NATASHA PULLEY
SFX|July 2021
Meet the author fascinated by a century-old mystery
Jonathan Wright
NATASHA PULLEY

IT WAS ON BOXING DAY IN 1900 THAT THE lighthouse tender Hesperus reached Eilean Mòr in the Outer Hebrides, a remote island that should have been home to a trio of lighthouse men. Relief keeper Joseph Moore was put ashore. What he discovered has spooked people ever since. The island was deserted, and to this day it’s unclear what happened to the men.

Among those fascinated by the story is novelist Natasha Pulley. “What really caught my interest about it was not necessarily what happens from the point of view of those lighthouse keepers,” she says, “but what was it like for the first person to reach the lighthouse after them?”

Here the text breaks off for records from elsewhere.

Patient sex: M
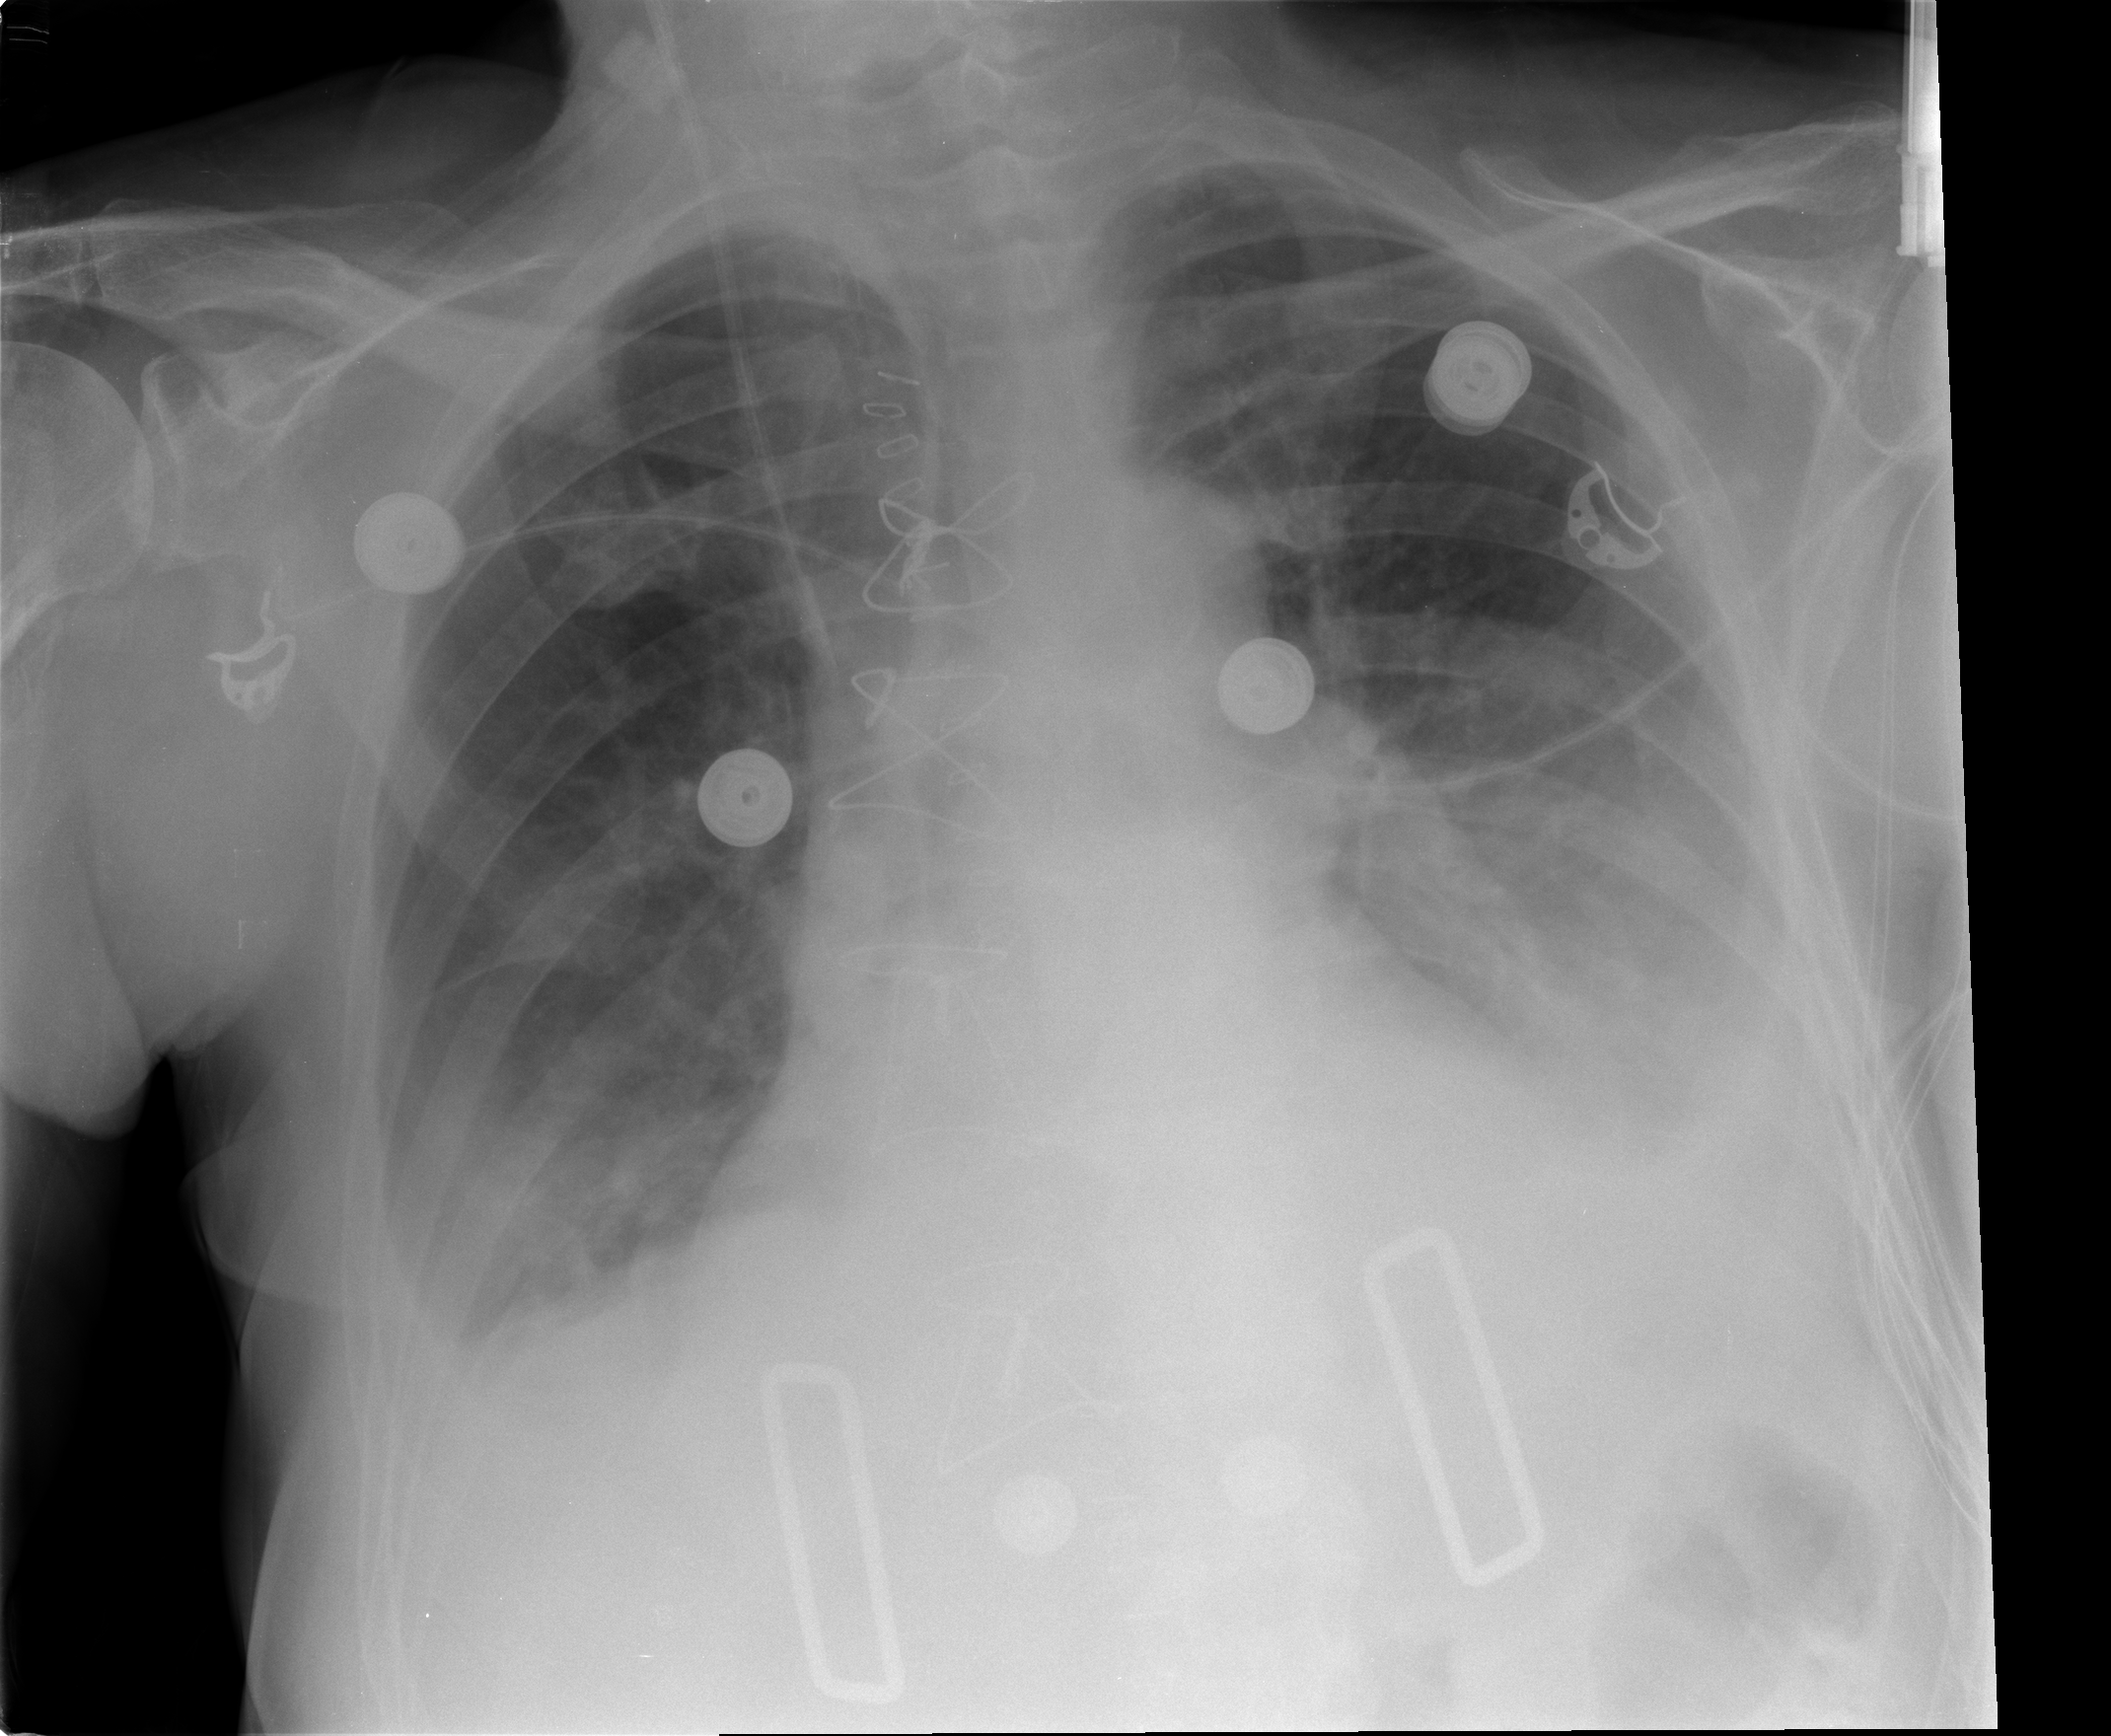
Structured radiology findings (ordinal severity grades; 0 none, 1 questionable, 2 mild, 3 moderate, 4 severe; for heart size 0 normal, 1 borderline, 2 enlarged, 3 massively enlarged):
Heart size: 2
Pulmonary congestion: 2
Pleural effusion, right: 2
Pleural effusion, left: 3
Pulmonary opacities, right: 1
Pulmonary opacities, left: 1
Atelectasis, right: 2
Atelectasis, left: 3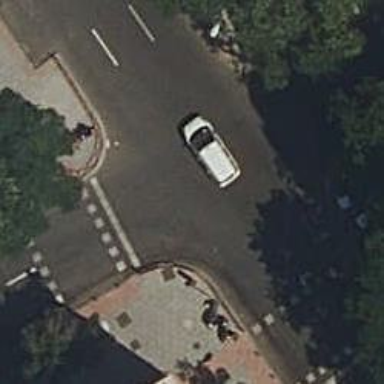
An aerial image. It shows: Road with traffic signals.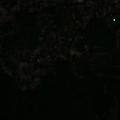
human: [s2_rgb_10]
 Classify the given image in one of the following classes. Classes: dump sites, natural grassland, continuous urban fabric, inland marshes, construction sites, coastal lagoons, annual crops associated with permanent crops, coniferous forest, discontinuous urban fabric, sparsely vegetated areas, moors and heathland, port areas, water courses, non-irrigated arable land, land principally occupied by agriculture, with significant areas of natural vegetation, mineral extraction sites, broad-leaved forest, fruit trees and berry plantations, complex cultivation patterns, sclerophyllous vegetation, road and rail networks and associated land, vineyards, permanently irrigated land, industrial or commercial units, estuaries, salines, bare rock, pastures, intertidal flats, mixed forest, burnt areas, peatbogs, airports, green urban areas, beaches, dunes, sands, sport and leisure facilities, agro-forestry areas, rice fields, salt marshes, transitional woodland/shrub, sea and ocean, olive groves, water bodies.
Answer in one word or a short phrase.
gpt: discontinuous urban fabric, broad-leaved forest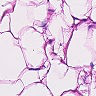
Metastatic tissue present: no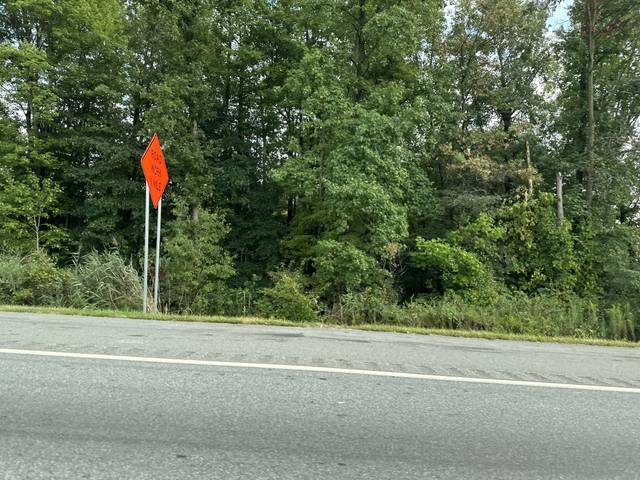
Region: United States
Coordinates: 39.96, -74.918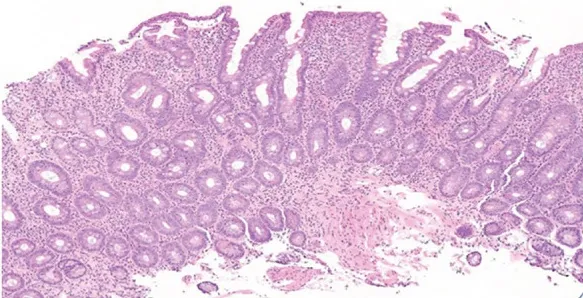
(A) H&E-stained slide (x10) of duodenal biopsy demonstrating marked villous blunting, crypt hyperplasia, and expansion of lamina propria by lymphocytes and plasma cells.
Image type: pathology (h&e)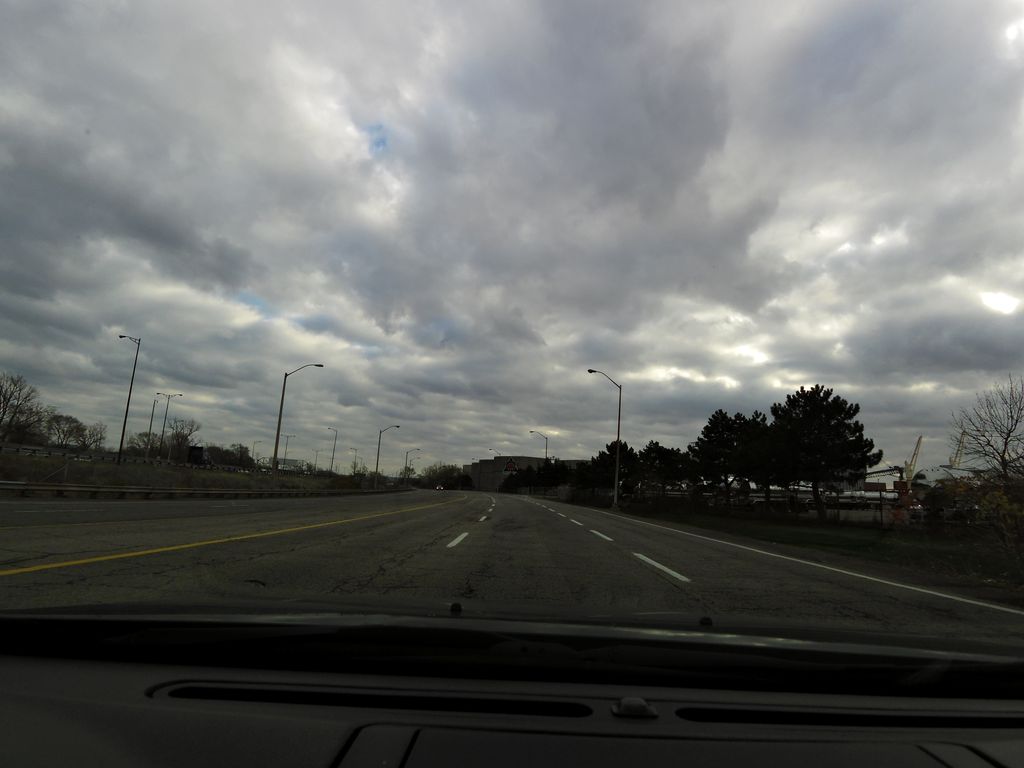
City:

It was a question that got her working on her fourth novel The Kingdoms, a book that mixes timeslip plotting with alternate history as it follows the story of Joe Tournier, resident of Londres. He’s a man suffering from amnesia, who’s moving through a world where Britain lost the Napoleonic Wars after being defeated at the Battle of Trafalgar in 1805: “One of the things I’m really interested in are those moments in history where you can see, very clearly, two possible futures hanging in the balance.”

An answer to Tournier’s nagging doubts about who he is may lie north, which sets him off on “a very gradual wild goose chase up the coast of Scotland”. To say too much more is to risk spoilers, but the story of Eilean Mòr so intrigues Pulley that she’s heading for Scotland’s islands herself this summer, aboard a square rigger, Pelican of London, “in the unlikely capacity of a marine scientist”.